### [WHAT YOU SHOULD DO]
Copy exactly the lines of the records below, starting at the line that contains "Character: 玎" and continuing through the last line, both included; omit any pictures.

(Data extracted from a collection)
———

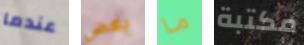
عندما بعض ما مكتبة
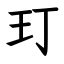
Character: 玎
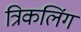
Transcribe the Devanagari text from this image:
त्रिकलिंग
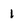
Character: 1
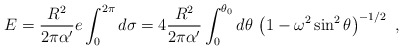
\begin{align*}E = {R^2\over 2 \pi\alpha'} e \int_0^{2\pi} d\sigma = 4 {R^2\over 2 \pi \alpha'} \int_0^{\theta_0} d\theta \, \left (1 - \omega^2 \sin^2\theta \right )^{-1/2}\ ,\end{align*}
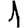
Digit: 1
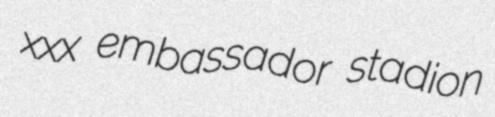
xxx embassador stadion
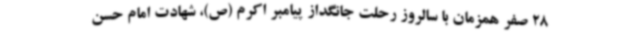
28 صفر همزمان با سالروز رحلت جانگداز پیامبر اکرم (ص)، شهادت امام حسن
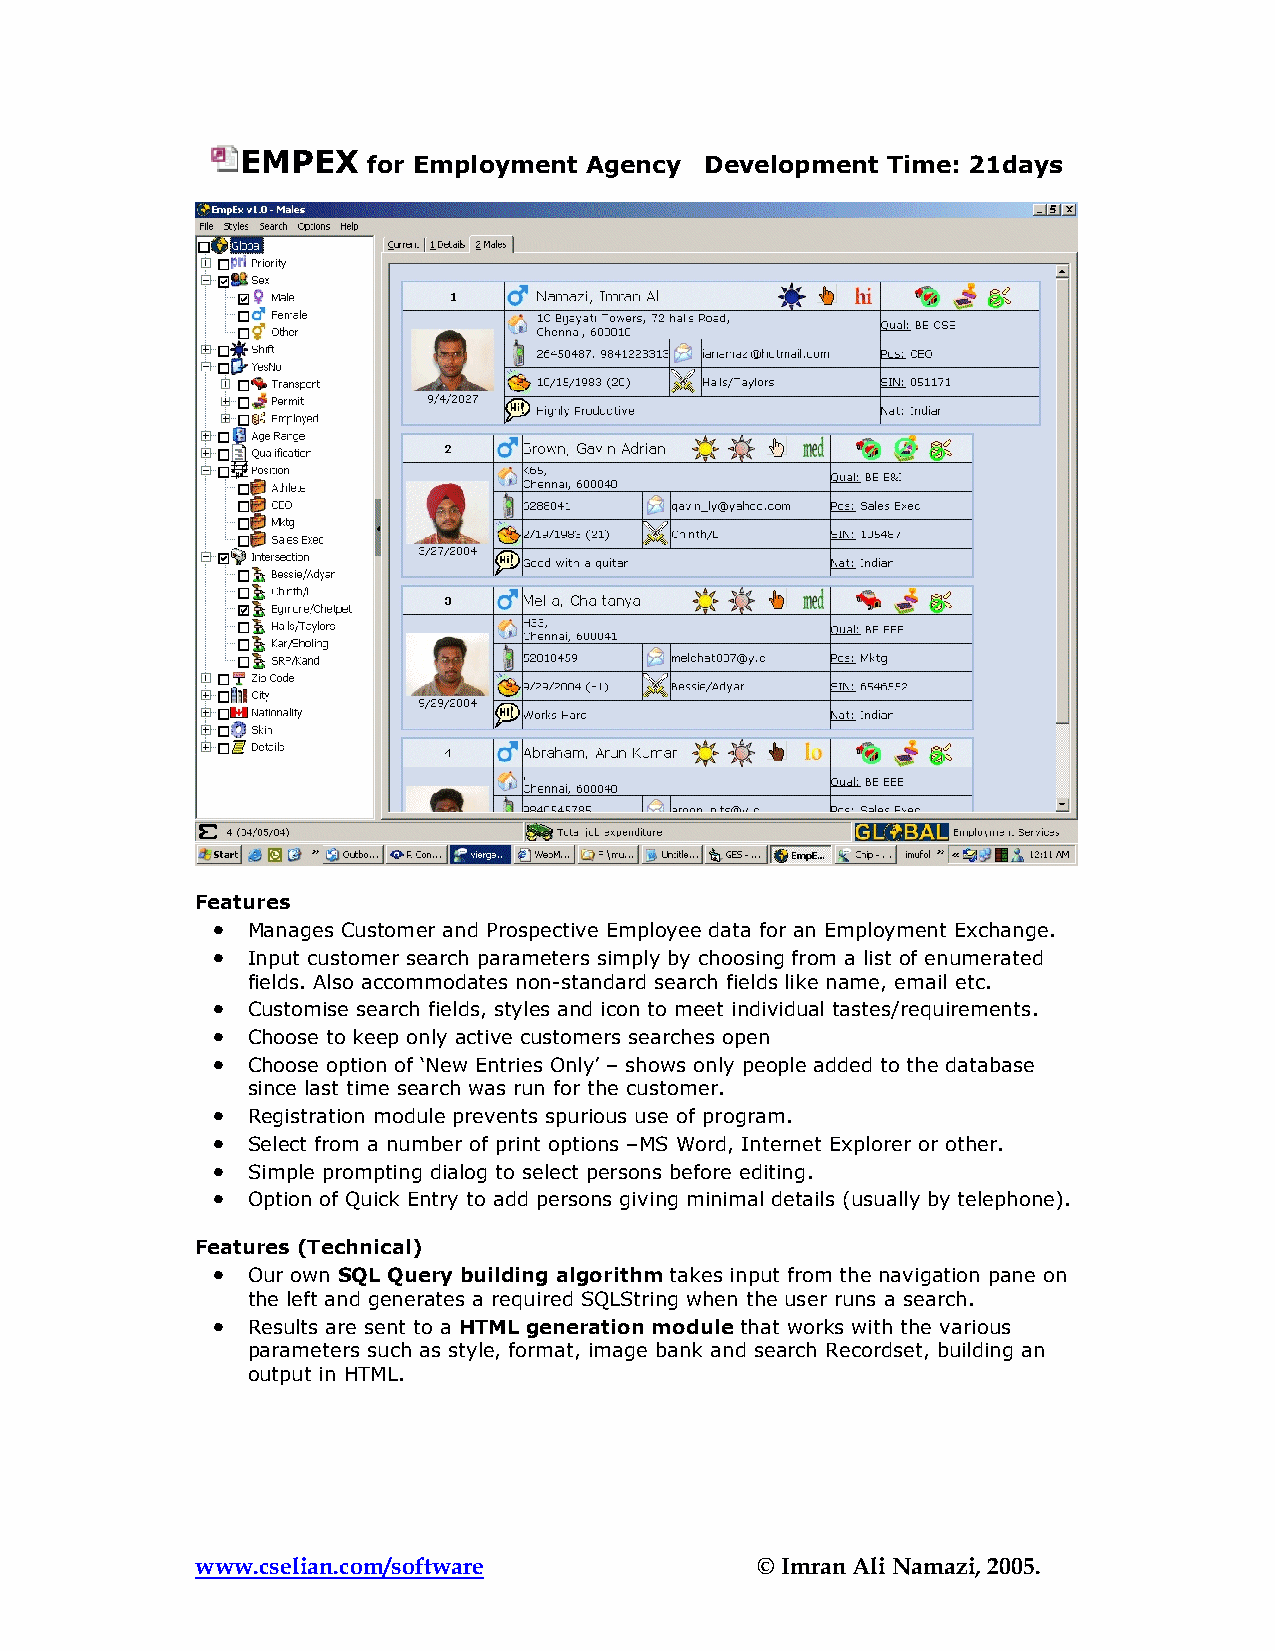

———

### [SOLUTION BELOW]
Character: 玎
Transcribe the Devanagari text from this image:
त्रिकलिंग
Character: 1
\begin{align*}E = {R^2\over 2 \pi\alpha'} e \int_0^{2\pi} d\sigma = 4 {R^2\over 2 \pi \alpha'} \int_0^{\theta_0} d\theta \, \left (1 - \omega^2 \sin^2\theta \right )^{-1/2}\ ,\end{align*}
Digit: 1
xxx embassador stadion
28 صفر همزمان با سالروز رحلت جانگداز پیامبر اکرم (ص)، شهادت امام حسن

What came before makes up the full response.